KJFA-FM
- Pecos, New Mexico; United States;
- Broadcast area: Santa Fe, New Mexico
- Frequency: 102.9 MHz
- Branding: Fuego 102.9

Programming
- Format: Hispanic rhythmic

Ownership
- Owner: American General Media
- Sister stations: KABG, KIOT, KKRG-FM, KKSS, KLVO

History
- First air date: 2002
- Former call signs: KTRL (1999–2002, CP); KENC (2002–2003); KLBU (2003–2015); KSFE (2015–2017); KSFE-FM (2017);
- Call sign meaning: Former "La Jefa" brand

Technical information
- Licensing authority: FCC
- Facility ID: 83297
- Class: C3
- ERP: 3,700 watts
- HAAT: 209 meters (686 ft)
- Repeaters: 98.5 KABG-HD2 (Los Alamos); 102.9 KJFA-FM3 (Santa Fe);

Links
- Public license information: Public file; LMS;
- Webcast: Listen Live
- Website: fuego1029.com

= KJFA-FM =

KJFA-FM (102.9 MHz) is a radio station licensed to Pecos, New Mexico, branded as Fuego 102-9, and serving the Santa Fe area.

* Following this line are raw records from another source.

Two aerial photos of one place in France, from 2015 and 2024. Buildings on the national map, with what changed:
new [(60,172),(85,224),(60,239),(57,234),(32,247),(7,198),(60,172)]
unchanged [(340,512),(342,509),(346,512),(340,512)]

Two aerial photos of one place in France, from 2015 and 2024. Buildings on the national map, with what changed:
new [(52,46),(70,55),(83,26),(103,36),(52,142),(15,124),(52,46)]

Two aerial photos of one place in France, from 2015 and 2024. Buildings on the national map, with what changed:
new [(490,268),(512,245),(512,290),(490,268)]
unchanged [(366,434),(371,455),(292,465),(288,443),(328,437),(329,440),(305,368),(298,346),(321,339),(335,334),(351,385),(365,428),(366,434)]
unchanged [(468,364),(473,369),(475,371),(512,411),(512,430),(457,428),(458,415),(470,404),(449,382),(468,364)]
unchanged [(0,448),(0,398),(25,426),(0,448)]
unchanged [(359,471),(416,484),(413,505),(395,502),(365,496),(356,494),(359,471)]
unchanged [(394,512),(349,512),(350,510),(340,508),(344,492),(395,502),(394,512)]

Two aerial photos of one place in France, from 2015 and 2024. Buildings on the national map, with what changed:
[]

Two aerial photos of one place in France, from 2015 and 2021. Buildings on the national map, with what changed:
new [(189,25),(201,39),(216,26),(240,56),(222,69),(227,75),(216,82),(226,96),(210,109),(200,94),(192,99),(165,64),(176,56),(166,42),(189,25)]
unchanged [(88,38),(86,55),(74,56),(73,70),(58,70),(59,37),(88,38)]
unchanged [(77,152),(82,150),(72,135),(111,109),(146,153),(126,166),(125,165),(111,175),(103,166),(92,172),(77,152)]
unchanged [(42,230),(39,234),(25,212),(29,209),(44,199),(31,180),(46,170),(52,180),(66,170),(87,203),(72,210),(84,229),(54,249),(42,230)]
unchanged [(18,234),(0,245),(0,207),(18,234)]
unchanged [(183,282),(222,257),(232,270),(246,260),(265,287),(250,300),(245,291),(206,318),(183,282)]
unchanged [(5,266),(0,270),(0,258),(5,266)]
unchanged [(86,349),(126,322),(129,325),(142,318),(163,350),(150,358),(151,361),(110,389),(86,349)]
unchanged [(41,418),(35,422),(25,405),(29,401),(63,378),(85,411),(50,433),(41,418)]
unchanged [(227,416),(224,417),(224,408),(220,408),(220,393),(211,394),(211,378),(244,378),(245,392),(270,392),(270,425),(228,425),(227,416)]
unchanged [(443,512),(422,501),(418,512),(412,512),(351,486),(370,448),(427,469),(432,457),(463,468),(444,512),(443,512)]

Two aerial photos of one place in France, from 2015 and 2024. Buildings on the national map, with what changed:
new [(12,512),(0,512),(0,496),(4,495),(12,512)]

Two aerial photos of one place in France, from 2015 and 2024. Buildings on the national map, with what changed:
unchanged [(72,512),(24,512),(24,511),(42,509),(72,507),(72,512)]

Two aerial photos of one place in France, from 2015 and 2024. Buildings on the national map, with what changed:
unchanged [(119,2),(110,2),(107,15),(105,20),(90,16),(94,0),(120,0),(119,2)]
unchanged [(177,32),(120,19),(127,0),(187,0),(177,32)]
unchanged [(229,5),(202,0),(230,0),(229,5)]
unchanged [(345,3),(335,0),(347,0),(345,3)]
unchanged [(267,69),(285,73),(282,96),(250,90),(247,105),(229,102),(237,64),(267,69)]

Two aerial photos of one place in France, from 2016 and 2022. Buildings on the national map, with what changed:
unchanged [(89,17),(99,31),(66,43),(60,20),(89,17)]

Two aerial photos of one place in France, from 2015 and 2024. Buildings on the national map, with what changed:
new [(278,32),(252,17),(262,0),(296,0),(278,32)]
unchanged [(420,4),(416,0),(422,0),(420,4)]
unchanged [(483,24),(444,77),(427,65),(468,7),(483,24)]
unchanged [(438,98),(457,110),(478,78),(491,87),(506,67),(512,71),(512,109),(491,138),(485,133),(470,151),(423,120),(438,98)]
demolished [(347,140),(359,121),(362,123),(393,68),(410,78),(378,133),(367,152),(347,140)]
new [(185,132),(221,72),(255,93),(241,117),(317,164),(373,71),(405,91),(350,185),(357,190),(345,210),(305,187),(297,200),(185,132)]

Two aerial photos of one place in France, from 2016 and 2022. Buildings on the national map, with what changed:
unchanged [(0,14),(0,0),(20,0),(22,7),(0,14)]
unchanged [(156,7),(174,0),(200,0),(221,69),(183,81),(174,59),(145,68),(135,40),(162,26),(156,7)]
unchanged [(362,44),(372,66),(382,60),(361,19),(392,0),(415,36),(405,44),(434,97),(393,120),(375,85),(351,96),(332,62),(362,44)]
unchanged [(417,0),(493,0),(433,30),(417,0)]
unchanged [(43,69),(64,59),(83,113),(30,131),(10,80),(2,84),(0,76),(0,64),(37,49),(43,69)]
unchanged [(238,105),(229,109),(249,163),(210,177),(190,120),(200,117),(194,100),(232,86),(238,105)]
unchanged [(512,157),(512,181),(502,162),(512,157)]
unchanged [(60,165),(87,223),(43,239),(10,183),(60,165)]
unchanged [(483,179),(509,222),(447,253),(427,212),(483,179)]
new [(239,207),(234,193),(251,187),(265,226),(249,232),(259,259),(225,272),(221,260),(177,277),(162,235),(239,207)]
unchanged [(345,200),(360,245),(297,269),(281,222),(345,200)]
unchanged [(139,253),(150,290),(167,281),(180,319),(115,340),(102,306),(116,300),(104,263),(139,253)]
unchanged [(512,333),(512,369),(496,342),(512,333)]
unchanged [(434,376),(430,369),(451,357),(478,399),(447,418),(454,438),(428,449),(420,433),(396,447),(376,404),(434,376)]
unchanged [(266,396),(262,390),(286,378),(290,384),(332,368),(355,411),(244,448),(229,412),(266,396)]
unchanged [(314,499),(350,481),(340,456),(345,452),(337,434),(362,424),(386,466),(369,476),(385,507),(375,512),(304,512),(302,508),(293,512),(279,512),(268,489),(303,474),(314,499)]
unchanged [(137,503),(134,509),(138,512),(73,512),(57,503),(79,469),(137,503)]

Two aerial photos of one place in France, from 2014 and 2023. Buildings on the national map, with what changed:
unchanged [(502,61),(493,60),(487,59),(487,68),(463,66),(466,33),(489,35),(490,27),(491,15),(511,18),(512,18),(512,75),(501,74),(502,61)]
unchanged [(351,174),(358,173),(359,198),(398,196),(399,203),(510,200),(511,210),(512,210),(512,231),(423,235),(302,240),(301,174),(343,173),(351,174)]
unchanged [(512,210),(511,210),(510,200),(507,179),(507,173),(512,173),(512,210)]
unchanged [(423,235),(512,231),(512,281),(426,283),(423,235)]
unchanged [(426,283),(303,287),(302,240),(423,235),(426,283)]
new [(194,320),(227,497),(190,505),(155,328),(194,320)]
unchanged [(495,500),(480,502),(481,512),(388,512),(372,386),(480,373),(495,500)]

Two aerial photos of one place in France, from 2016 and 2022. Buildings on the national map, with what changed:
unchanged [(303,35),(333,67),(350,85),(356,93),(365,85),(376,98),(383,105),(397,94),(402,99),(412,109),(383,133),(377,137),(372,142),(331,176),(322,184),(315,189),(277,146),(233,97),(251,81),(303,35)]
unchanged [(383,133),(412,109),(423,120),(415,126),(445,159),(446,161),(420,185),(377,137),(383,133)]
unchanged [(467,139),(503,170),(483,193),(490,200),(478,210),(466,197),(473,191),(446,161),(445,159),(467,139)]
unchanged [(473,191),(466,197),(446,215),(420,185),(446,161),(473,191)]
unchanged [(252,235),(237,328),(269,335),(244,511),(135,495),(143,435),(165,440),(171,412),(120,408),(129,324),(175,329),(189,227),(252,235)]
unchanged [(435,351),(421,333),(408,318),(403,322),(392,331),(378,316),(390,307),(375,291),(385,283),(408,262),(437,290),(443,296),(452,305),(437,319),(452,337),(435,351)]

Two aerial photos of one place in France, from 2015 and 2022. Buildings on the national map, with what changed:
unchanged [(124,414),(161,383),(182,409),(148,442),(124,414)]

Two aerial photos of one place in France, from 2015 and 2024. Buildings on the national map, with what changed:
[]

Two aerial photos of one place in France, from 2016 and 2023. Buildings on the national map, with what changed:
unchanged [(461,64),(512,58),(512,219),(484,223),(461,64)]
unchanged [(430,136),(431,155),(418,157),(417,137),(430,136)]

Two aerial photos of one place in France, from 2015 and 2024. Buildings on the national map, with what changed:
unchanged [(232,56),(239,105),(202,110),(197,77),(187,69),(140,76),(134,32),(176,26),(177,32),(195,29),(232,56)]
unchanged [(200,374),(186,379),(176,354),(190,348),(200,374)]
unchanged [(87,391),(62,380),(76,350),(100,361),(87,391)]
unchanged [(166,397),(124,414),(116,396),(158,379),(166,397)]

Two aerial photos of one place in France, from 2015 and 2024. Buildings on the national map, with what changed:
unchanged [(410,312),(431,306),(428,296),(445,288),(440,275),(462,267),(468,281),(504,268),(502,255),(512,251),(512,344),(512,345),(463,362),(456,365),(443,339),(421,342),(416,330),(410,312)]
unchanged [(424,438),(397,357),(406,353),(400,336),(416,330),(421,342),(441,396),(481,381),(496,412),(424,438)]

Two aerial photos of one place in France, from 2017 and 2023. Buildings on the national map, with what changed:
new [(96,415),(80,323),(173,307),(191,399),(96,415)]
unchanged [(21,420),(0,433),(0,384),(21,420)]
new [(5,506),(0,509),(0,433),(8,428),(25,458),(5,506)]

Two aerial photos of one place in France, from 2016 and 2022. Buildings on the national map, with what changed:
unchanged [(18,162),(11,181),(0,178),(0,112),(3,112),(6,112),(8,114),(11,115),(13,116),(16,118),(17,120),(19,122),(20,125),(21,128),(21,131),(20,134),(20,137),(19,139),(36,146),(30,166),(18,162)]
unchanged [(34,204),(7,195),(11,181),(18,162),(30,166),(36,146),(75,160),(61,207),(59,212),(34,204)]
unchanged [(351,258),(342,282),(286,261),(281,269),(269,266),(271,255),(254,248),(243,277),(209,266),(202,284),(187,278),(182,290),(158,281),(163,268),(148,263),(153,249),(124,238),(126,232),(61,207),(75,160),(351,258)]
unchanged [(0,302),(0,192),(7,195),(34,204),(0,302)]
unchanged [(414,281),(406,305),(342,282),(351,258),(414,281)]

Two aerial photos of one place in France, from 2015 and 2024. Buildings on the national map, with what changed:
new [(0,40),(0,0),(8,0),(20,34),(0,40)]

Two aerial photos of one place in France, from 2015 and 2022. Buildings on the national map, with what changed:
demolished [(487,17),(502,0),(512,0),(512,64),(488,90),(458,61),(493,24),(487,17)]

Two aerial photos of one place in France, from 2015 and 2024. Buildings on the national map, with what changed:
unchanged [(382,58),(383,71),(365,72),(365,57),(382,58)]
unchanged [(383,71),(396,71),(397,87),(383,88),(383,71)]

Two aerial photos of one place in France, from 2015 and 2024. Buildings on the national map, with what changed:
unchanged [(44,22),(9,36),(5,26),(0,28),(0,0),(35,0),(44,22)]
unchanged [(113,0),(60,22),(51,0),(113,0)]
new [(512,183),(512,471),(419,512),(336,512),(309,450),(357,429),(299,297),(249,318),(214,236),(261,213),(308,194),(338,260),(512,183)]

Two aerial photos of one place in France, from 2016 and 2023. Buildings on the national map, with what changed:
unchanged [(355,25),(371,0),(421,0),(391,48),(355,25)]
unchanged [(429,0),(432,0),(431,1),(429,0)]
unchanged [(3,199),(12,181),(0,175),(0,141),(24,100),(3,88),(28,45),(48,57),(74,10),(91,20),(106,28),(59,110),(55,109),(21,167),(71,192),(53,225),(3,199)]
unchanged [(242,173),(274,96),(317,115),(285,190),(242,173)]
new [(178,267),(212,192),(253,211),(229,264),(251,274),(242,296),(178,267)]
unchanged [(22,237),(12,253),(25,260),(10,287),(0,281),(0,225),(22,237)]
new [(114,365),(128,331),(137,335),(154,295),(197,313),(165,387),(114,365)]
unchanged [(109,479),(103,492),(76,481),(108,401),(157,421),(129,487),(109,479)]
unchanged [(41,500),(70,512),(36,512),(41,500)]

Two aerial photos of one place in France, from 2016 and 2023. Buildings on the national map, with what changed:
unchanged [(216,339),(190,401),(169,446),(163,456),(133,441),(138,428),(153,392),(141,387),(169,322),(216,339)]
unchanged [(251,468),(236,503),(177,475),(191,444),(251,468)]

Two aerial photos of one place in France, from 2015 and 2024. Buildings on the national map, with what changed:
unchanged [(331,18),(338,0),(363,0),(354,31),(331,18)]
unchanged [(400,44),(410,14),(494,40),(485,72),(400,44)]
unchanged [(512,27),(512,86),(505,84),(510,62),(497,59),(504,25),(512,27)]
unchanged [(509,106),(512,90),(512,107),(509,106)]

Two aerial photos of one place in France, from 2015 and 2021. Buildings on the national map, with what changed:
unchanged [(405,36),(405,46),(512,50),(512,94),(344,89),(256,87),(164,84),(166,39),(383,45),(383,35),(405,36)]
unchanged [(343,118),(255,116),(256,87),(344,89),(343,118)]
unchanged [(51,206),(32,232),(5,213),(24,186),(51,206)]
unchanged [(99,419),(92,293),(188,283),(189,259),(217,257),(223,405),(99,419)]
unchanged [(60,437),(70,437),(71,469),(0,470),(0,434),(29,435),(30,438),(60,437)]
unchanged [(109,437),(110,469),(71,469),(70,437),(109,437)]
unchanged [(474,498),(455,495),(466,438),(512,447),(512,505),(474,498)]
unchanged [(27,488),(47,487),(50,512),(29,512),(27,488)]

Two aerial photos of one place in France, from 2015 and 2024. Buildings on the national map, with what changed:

It broadcasts a bilingual Hispanic rhythmic format.

==History==

===KENC – Enchantment FM 102.9===
102.9 FM signed on in August 2002 as KENC, "Enchantment FM 102.9", under Meadows Media, programmed by Jim Duncan, which aired an eclectic music format made up of jazz (without much smooth jazz), classical, world music, blues, folk, and bluegrass, as well as Adult Album Alternative. Jim Duncan's goal was to create a radio station which featured music not heard on most commercial radio stations. The signal was very poor throughout its coverage area; it suffered interference from KRGN in Amarillo, Texas and KAZX in Kirtland, New Mexico. Many adjustments and minor modifications were made to the transmitter site, however the signal never improved satisfactorily. A 2,400 watt booster was added in May 2003 on a cellsite about 1 mile northwest of Santa Fe.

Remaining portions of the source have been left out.